• [PROMPT]:
Line by line, copy the records below exactly and leave the pictures out.

BEGIN SUPPLIED INFORMATION

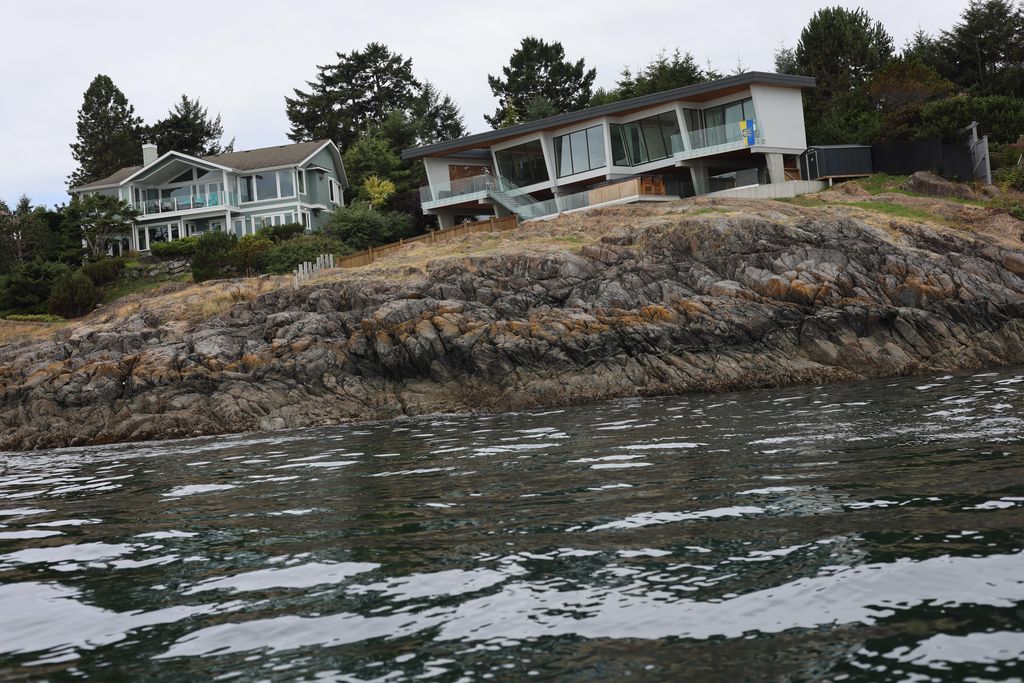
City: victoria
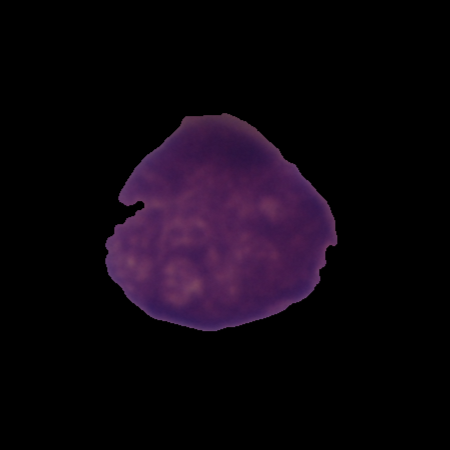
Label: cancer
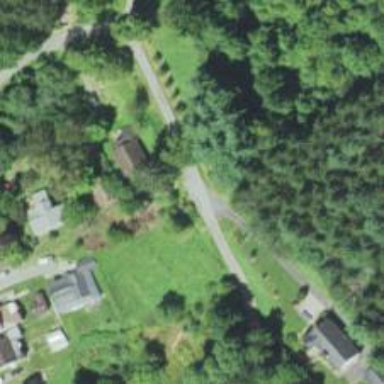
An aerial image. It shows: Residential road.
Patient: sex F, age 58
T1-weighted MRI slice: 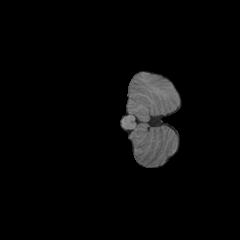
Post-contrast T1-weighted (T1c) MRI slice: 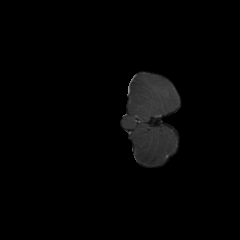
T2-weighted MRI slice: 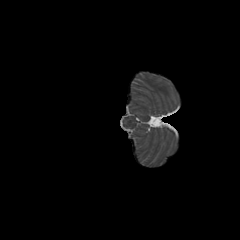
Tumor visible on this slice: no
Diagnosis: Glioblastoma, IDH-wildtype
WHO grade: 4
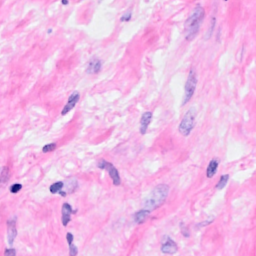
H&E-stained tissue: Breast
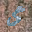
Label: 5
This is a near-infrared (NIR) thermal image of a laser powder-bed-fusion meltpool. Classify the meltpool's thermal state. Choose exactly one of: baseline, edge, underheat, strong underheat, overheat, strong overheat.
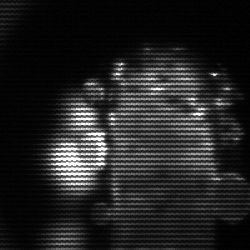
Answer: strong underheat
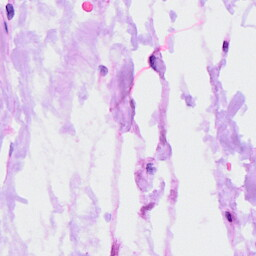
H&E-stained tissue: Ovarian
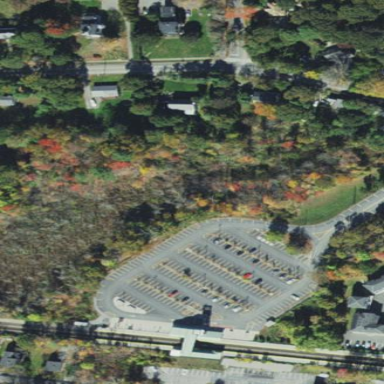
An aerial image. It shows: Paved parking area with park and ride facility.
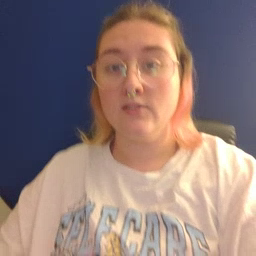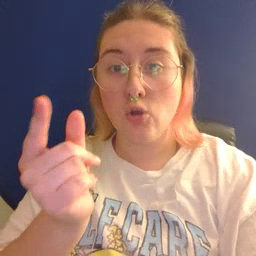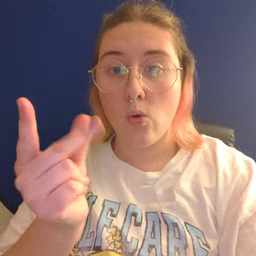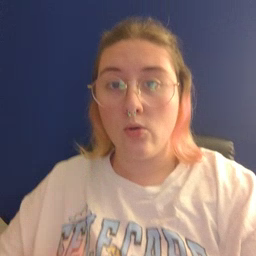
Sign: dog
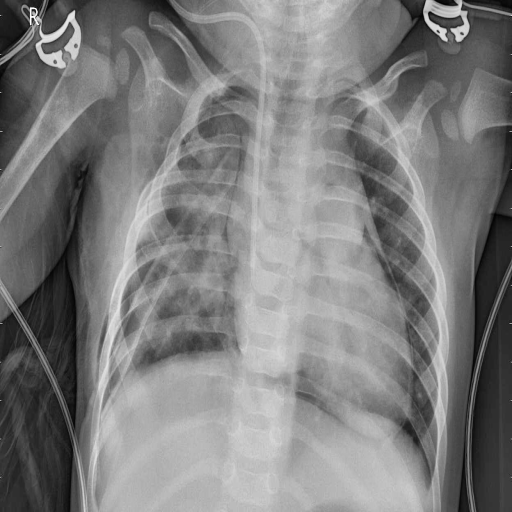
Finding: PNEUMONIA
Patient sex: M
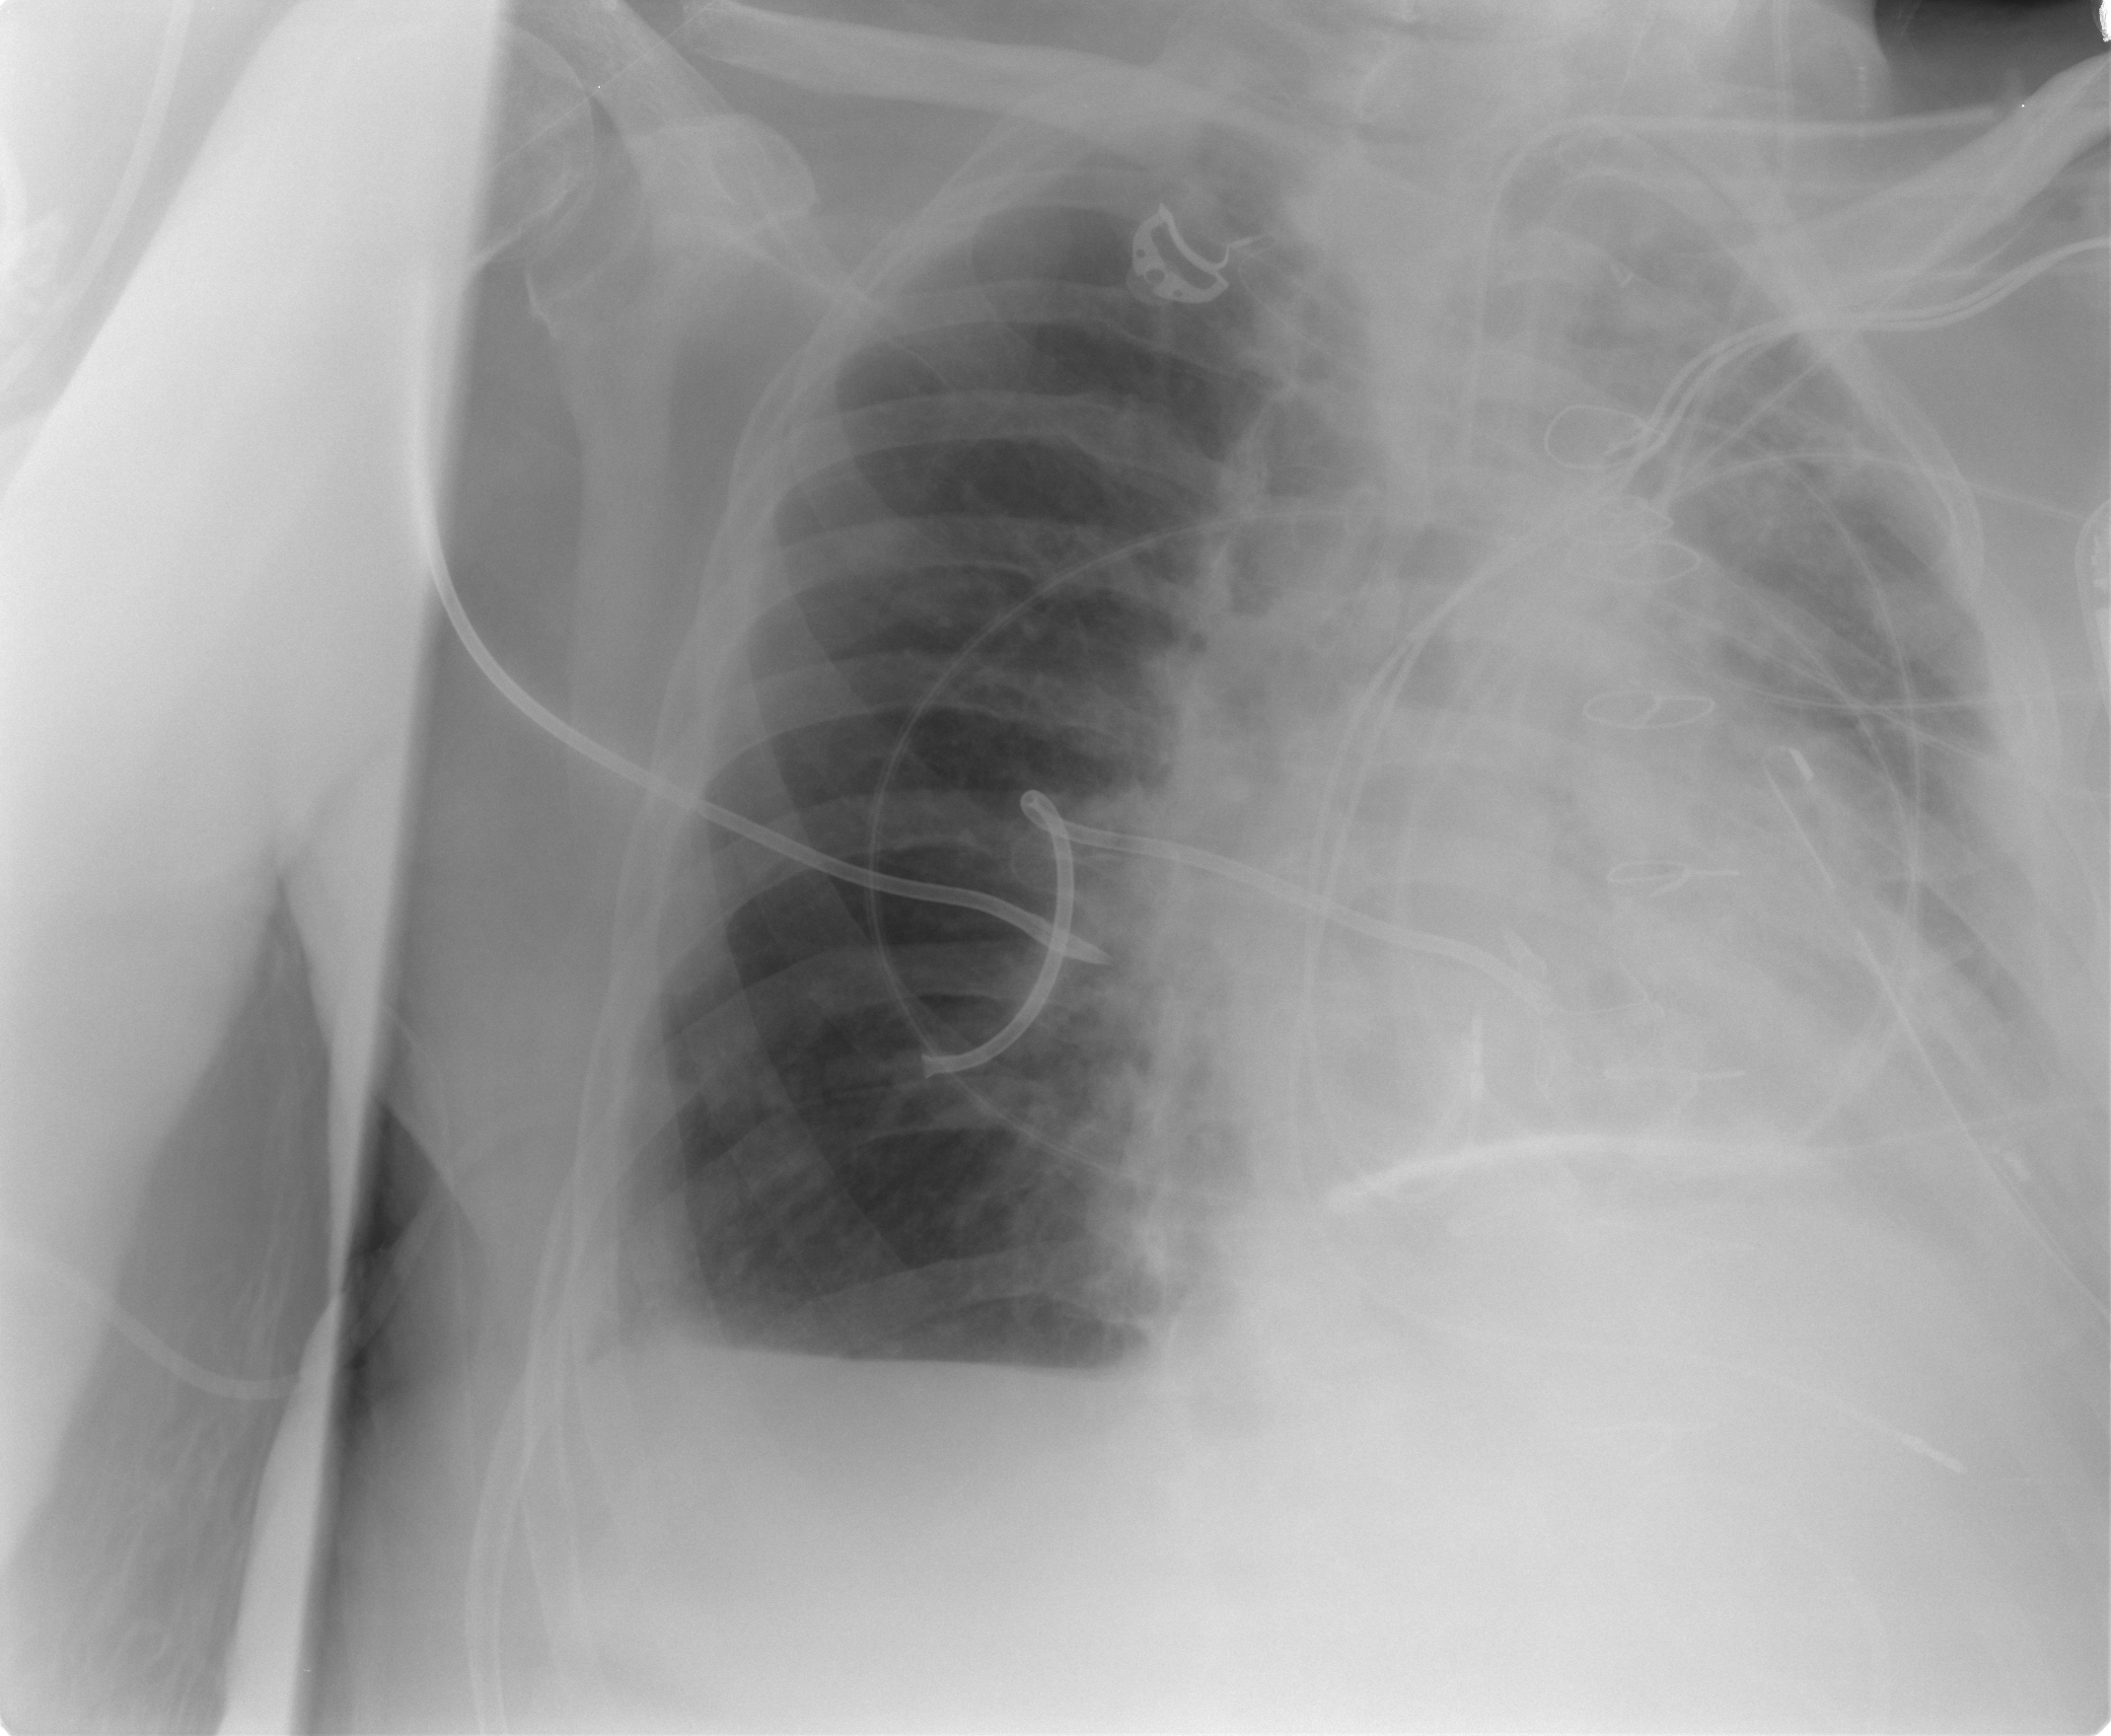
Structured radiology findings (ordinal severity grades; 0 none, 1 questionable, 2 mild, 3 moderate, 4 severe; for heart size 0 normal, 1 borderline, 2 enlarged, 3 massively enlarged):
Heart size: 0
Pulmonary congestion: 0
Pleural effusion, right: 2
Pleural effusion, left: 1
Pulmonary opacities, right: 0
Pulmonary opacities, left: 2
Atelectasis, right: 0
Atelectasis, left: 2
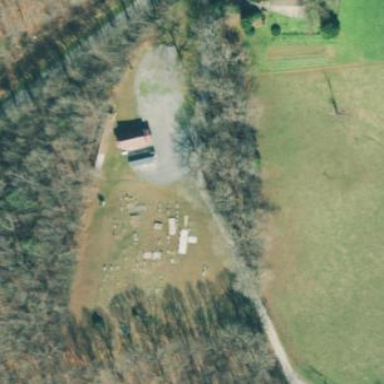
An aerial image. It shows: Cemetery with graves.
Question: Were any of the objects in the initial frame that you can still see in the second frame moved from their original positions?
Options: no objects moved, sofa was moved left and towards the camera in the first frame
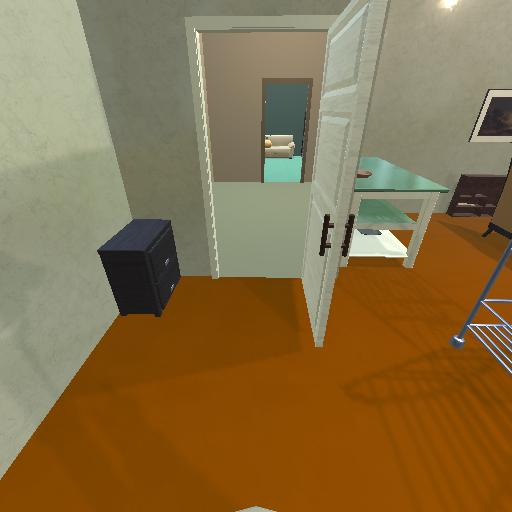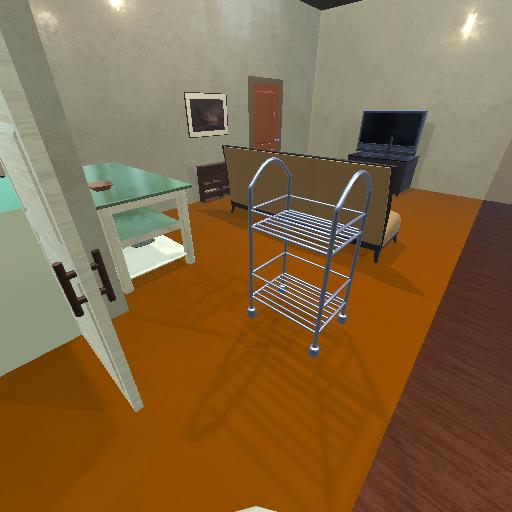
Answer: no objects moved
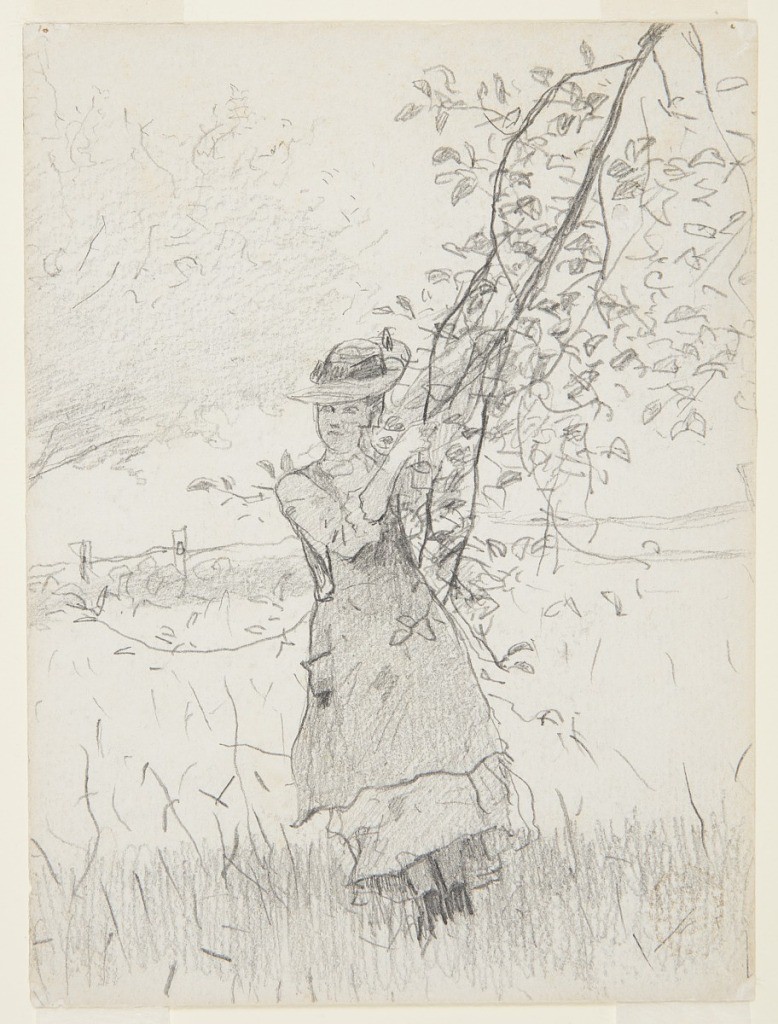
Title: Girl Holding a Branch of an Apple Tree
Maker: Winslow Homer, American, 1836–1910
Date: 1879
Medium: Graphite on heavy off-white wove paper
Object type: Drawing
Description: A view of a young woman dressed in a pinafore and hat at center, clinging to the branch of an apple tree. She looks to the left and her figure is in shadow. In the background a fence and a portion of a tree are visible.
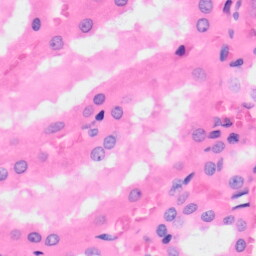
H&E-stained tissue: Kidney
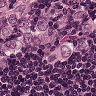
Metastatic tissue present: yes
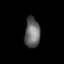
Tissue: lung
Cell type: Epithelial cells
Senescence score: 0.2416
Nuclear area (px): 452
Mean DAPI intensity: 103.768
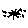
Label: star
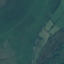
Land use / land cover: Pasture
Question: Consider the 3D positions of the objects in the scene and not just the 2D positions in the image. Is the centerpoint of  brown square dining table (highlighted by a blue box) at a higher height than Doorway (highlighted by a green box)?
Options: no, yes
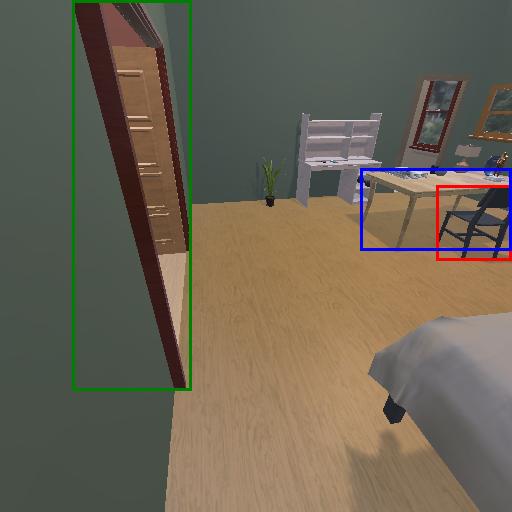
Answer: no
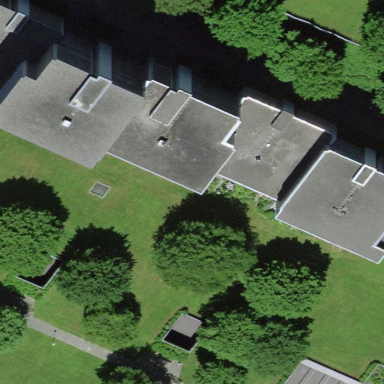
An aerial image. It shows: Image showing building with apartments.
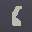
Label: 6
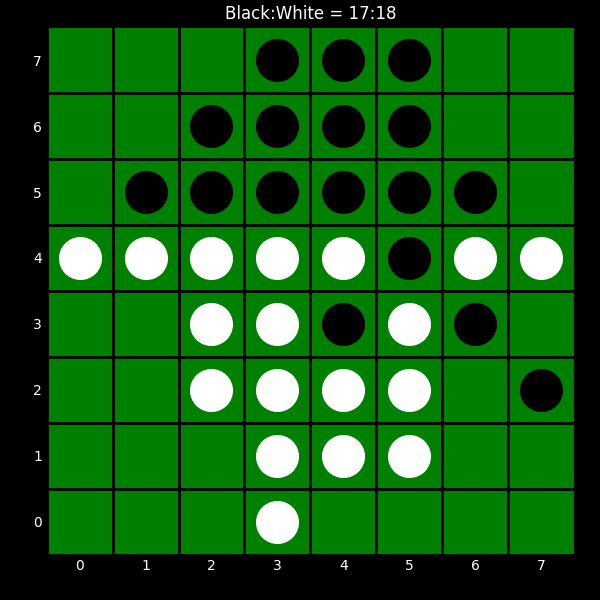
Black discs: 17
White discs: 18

END SUPPLIED INFORMATION

• [REPLY TO THE EXERCISE]:
City: victoria
Label: cancer
An aerial image. It shows: Residential road.
Patient: sex F, age 58
T1-weighted MRI slice: 
Post-contrast T1-weighted (T1c) MRI slice: 
T2-weighted MRI slice: 
Tumor visible on this slice: no
Diagnosis: Glioblastoma, IDH-wildtype
WHO grade: 4
H&E-stained tissue: Breast
Label: 5
This is a near-infrared (NIR) thermal image of a laser powder-bed-fusion meltpool. Classify the meltpool's thermal state. Choose exactly one of: baseline, edge, underheat, strong underheat, overheat, strong overheat.
Answer: strong underheat
H&E-stained tissue: Ovarian
An aerial image. It shows: Paved parking area with park and ride facility.
Sign: dog
Finding: PNEUMONIA
Patient sex: M
Structured radiology findings (ordinal severity grades; 0 none, 1 questionable, 2 mild, 3 moderate, 4 severe; for heart size 0 normal, 1 borderline, 2 enlarged, 3 massively enlarged):
Heart size: 0
Pulmonary congestion: 0
Pleural effusion, right: 2
Pleural effusion, left: 1
Pulmonary opacities, right: 0
Pulmonary opacities, left: 2
Atelectasis, right: 0
Atelectasis, left: 2
An aerial image. It shows: Cemetery with graves.
Question: Were any of the objects in the initial frame that you can still see in the second frame moved from their original positions?
Options: no objects moved, sofa was moved left and towards the camera in the first frame
Answer: no objects moved
Title: Girl Holding a Branch of an Apple Tree
Maker: Winslow Homer, American, 1836–1910
Date: 1879
Medium: Graphite on heavy off-white wove paper
Object type: Drawing
Description: A view of a young woman dressed in a pinafore and hat at center, clinging to the branch of an apple tree. She looks to the left and her figure is in shadow. In the background a fence and a portion of a tree are visible.
H&E-stained tissue: Kidney
Metastatic tissue present: yes
Tissue: lung
Cell type: Epithelial cells
Senescence score: 0.2416
Nuclear area (px): 452
Mean DAPI intensity: 103.768
Label: star
Land use / land cover: Pasture
Question: Consider the 3D positions of the objects in the scene and not just the 2D positions in the image. Is the centerpoint of  brown square dining table (highlighted by a blue box) at a higher height than Doorway (highlighted by a green box)?
Options: no, yes
Answer: no
An aerial image. It shows: Image showing building with apartments.
Label: 6
Black discs: 17
White discs: 18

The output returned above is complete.